Stored items from a collection
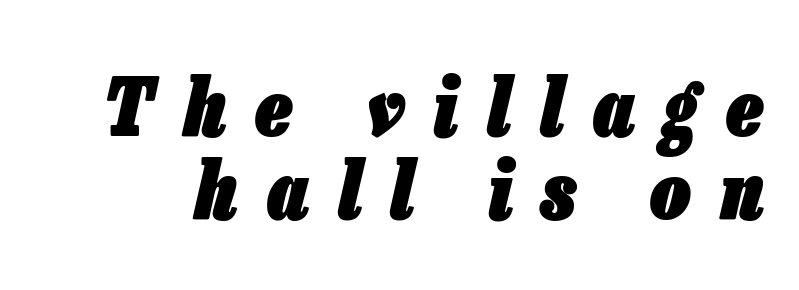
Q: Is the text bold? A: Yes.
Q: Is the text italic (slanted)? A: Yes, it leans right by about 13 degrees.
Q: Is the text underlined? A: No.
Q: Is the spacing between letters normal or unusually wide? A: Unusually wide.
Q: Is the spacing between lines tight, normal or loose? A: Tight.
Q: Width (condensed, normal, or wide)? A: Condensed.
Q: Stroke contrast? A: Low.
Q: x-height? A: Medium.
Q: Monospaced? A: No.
==
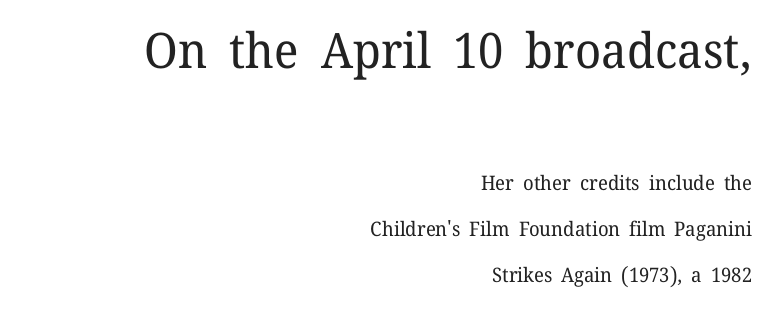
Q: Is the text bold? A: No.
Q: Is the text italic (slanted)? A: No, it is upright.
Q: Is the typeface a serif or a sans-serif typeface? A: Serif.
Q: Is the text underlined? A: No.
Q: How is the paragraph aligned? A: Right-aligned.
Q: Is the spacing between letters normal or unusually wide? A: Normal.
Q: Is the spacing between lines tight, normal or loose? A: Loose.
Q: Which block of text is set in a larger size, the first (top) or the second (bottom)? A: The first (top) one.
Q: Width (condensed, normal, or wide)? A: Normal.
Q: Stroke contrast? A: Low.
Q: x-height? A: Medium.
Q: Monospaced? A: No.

What needs to be done
Copy out only the lines of the records above from the one with "Q: Is the text bold? A: Yes." through the one with "loose? A: Tight.", exactly as they stand, both included.

Completed task
Q: Is the text bold? A: Yes.
Q: Is the text italic (slanted)? A: Yes, it leans right by about 13 degrees.
Q: Is the text underlined? A: No.
Q: Is the spacing between letters normal or unusually wide? A: Unusually wide.
Q: Is the spacing between lines tight, normal or loose? A: Tight.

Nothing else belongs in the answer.